Beyond the emotions of the headlines

by

Originally posted at the Houston Chronicle on March 16, 2008

The emotional impact of headline news by its nature depends on stereotypes.

You can’t capture real people in a headline.

So the first reports of the tragic death of Craig Miller come at us in stark terms.

A deputy sheriff on the way to relieve an undercover colleague is killed in a collision with Jose Jesus Vieyra, a Mexican national of unclear immigration status.

That’s enough to trigger a gut reaction.

Three weeks later, however, it turns out that the medical examiner’s office found the deputy to have had a blood alcohol content more than three times the legal limit when the collision occurred.

It was also determined that Vieyra has overstayed his legal visa.

Signs of acute alcoholism

A very different story line, slightly more complex but still very powerful.

Each headline gives us a villain and a victim.

Reality, however, is often something quite different.

Although the medical examiner’s autopsy indicated Deputy Miller showed signs of acute alcoholism, his family and friends describe him as a man of kindness, generosity and humor.
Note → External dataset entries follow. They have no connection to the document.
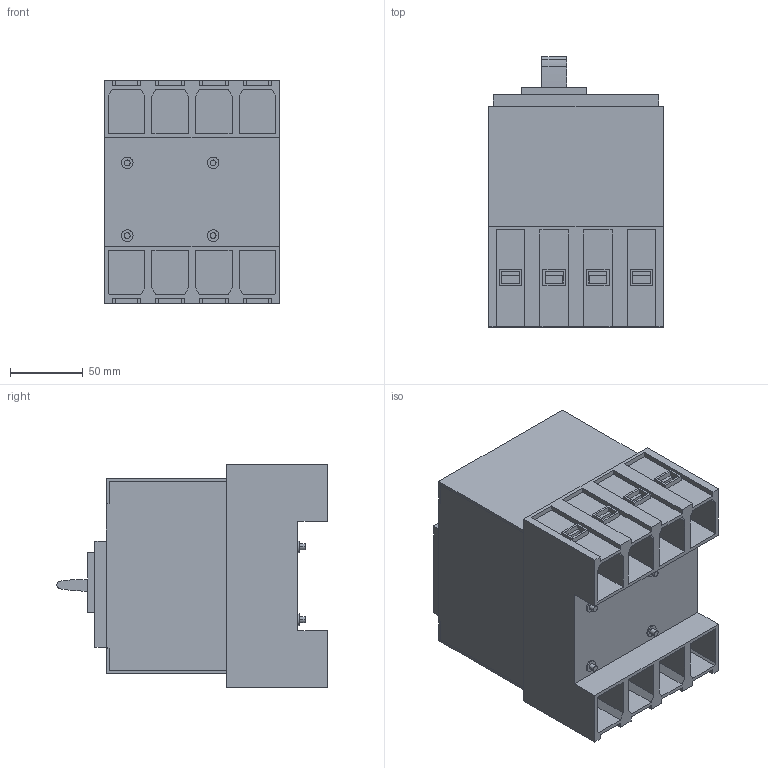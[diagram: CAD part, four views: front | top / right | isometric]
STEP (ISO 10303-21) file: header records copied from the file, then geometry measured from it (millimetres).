
FILE_DESCRIPTION(('CATIA V5 STEP Exchange'),'2;1');
FILE_NAME('1SDH001295R0327_1PA_001_00_XT2_4P_PLUG-IN_FIXING_50MM.stp','2014-11-11T15:26:44+00:00',('none'),('none'),'CATIA Version 5 Release 20 SP 1 (IN-10)','CATIA V5 STEP AP214','none');
FILE_SCHEMA(('AUTOMOTIVE_DESIGN { 1 0 10303 214 1 1 1 1 }'));
Length unit declared in the file: millimetre
Products named in the file (1): 1SDH001295R0327_1PA_001_00_XT2_4P_PLUG-IN_FIXING_50MM
Bounding box: 120 x 185.56 x 153 mm (x, y, z)
Volume: 2243136.3 mm3; surface area: 238849.7 mm2
Topology: 4 solids, 4 shells, 262 faces, 708 edges, 472 vertices
Faces by surface type: plane 241, cylinder 21
Entity records: 7640 total; most frequent: ORIENTED_EDGE 1416, CARTESIAN_POINT 1331, DIRECTION 1008, EDGE_CURVE 708, VECTOR 666, LINE 666, VERTEX_POINT 472, EDGE_LOOP 296
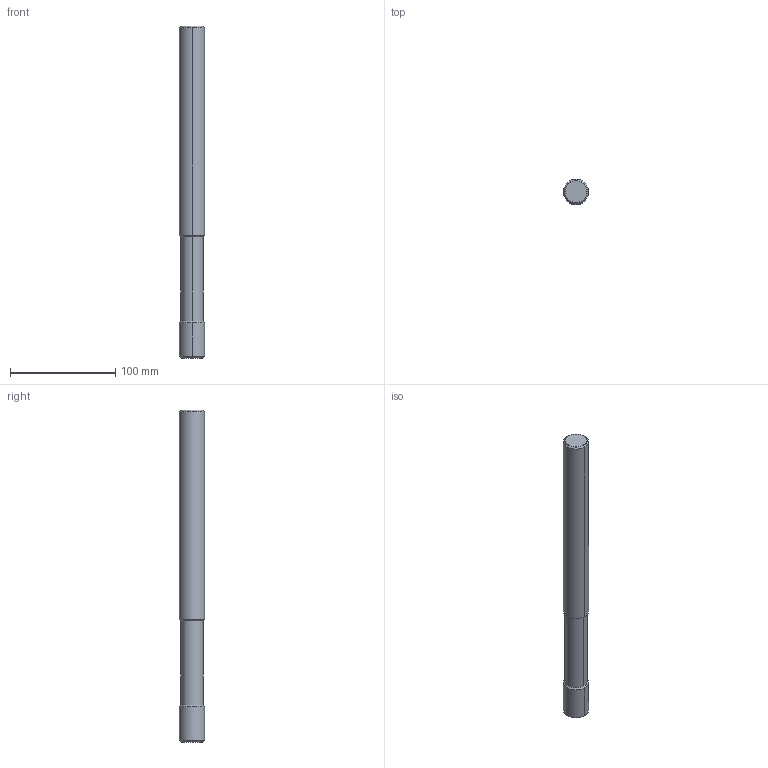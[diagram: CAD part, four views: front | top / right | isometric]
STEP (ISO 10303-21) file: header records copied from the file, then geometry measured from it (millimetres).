
FILE_DESCRIPTION(('STEP AP214'),'1');
FILE_NAME(' ',' ',('TraceParts'),('TraceParts S.A.'),'XStep 1.0',' ',' ');
FILE_SCHEMA(('automotive_design'));
Length unit declared in the file: millimetre
Products named in the file (1): 1
Bounding box: 24 x 24 x 315 mm (x, y, z)
Volume: 133693.8 mm3; surface area: 23833.3 mm2
Topology: 1 solids, 1 shells, 20 faces, 42 edges, 24 vertices
Faces by surface type: cone 12, cylinder 6, plane 2
Entity records: 1048 total; most frequent: DIRECTION 108, STYLED_ITEM 87, PRESENTATION_STYLE_ASSIGNMENT 87, CARTESIAN_POINT 87, COLOUR_RGB 87, ORIENTED_EDGE 84, AXIS2_PLACEMENT_3D 45, EDGE_CURVE 42

Some close to him think the autopsy was wrong. But even if it wasn’t, that doesn’t make him a villain. I’ve known alcoholics who were wonderful people.

They weren’t always proud of their behavior when in the grips of their addiction, but when sober they were as good and sometimes better than your average teetotaler.

`He didn’t deserve to die’

Deputy Miller was called after completing a day’s work and asked to take over for an undercover agent. If, as the autopsy suggests, he had been drinking heavily, he should have declined.

Nobody should know more than a police officer that he shouldn’t get behind the wheel while drunk.

But alcohol is not an enhancer of judgment. For example, he did not buckle his seat belt. But he followed his basic instinct, which was to answer a call to duty.

In today’s atmosphere there are those who consider illegal immigrants to be worse than alcoholic citizens.

Jose Vieyra, 56, who was working as a truck driver when the accident occurred, sits in Harris County jail charged with negligent homicide. Even if he is not convicted, he is likely to be deported.

He has told his lawyer that he doesn’t believe he caused the collision. You would think he would be angry at Miller for plowing into his truck, putting him in jail and likely leading to his deportation, either uprooting his family or separating him from them.

But consider his response to a Houston Chronicle reporter after learning of the report indicating the deputy was terribly drunk.

It wasn’t to curse the deputy, or to express relief that the charges might be dropped.

He lowered his head and said, “He didn’t deserve to die.” He added, “I’m praying for him and his family and also for me and my family.”

Records show that Vieyra not only has no criminal history, but has a valid Texas driver’s license without so much as a single traffic ticket on it.

The emotions of the first outline of the story – a deputy killed by an illegal immigrant – are not supported by the facts. Our natural instinct to look for a hero and a villain, or even a victim and a villain, is not neatly satisfied.

The only thing left is to look for justice.

Unfortunately, the public reasonably may question the objectivity of the sheriff’s office, which conducted the original investigation.

The county recently decided to pay $1.7 million to settle a lawsuit accusing the department of covering up the misbehavior of its deputies and wrongly charging innocent bystanders with a crime.

Even after a majority of jurors who had heard nine days of evidence said the county was wise to have settled, Sheriff Tommy Thomas said his office had done nothing wrong – hardly a stance to promote confidence in its ability to investigate its own.

Justice will be served only if prosecutors can look at the facts coldly and ask themselves whether they would pursue Vieyra if Miller had been, say, an insurance salesman.

A dead deputy’s honor cannot be restored by straining justice.